[Dataset entries]
-- Opening Marker --

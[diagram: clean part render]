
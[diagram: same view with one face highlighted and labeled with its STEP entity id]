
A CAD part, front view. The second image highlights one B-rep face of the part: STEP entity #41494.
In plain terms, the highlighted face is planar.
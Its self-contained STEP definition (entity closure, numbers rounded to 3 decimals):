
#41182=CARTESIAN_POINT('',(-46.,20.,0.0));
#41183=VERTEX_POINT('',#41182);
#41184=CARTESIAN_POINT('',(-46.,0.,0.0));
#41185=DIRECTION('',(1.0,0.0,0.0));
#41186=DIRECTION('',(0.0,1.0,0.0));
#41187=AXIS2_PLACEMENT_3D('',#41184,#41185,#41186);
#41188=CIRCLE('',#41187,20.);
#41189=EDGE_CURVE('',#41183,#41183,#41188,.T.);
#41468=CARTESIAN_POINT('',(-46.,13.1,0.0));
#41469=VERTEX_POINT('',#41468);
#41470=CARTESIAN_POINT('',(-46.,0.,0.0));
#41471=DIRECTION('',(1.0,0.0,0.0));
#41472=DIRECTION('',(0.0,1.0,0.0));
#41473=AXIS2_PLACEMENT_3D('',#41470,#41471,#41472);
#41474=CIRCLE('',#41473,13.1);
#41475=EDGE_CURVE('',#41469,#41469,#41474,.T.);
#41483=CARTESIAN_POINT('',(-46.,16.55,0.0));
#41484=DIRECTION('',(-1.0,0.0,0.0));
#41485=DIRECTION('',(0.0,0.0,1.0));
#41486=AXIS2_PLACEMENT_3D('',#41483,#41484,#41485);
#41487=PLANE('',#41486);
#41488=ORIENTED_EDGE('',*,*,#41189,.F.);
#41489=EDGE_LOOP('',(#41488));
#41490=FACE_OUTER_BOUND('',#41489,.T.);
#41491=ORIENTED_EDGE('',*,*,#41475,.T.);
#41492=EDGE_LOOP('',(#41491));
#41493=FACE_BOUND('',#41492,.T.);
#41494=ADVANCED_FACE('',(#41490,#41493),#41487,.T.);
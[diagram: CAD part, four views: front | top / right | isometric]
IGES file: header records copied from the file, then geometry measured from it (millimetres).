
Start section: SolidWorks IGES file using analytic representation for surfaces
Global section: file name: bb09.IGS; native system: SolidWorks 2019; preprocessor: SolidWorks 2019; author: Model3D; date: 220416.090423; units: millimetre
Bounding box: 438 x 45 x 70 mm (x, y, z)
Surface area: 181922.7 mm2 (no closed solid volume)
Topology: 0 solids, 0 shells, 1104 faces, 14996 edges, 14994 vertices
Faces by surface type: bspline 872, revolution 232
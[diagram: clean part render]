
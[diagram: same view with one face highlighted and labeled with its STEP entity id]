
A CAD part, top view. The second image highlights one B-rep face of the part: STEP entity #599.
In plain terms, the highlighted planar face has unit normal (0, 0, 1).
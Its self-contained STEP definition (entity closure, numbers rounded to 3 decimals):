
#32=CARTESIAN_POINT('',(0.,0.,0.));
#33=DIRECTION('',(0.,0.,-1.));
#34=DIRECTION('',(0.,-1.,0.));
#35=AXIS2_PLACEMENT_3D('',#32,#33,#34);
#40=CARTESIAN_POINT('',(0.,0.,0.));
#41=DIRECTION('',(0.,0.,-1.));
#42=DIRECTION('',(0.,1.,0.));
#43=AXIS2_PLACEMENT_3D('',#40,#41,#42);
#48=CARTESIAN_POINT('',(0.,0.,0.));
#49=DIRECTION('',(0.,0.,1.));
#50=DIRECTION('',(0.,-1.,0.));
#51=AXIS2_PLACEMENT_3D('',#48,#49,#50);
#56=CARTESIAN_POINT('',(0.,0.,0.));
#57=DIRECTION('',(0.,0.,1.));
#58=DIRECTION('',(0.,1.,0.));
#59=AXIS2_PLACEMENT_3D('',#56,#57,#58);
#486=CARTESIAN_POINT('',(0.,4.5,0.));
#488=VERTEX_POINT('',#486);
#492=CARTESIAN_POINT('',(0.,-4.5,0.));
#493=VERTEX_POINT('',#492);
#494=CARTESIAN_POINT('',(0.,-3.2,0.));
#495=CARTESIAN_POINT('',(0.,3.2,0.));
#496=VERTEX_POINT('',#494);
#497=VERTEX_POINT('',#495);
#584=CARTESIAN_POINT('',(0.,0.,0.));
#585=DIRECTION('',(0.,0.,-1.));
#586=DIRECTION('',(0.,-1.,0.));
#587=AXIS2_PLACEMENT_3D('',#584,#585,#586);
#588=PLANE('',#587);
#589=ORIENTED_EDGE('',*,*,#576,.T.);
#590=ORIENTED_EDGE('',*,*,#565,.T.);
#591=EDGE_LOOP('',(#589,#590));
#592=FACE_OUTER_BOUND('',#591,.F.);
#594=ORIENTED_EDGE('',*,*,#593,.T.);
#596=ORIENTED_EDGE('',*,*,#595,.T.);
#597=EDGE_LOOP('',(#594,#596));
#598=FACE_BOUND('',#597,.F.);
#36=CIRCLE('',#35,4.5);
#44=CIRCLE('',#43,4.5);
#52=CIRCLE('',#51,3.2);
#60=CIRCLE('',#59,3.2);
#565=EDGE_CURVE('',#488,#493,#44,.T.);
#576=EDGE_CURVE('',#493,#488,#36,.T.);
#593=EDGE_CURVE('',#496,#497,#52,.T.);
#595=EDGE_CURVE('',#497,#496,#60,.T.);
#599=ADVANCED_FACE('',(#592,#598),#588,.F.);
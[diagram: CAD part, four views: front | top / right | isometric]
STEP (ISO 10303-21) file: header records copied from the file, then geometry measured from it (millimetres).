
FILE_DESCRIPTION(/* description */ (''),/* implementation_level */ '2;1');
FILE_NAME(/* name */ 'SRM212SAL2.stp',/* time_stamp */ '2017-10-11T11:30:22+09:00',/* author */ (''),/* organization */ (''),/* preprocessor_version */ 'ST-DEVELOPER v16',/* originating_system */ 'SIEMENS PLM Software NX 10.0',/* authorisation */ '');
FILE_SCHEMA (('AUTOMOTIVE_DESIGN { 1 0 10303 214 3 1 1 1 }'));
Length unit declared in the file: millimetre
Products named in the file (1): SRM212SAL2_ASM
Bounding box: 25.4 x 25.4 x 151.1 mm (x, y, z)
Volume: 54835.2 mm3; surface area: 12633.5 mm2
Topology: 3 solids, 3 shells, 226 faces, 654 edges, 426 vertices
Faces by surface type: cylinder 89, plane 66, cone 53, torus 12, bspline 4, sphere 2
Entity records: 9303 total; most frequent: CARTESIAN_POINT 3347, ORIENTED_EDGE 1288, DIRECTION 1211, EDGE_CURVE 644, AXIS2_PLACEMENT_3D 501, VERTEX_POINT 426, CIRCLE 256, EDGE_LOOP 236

-- Closing Marker --

About this task: Copy all the lines above that hold the string "header".

Answer to this exercise:
IGES file: header records copied from the file, then geometry measured from it (millimetres).
STEP (ISO 10303-21) file: header records copied from the file, then geometry measured from it (millimetres).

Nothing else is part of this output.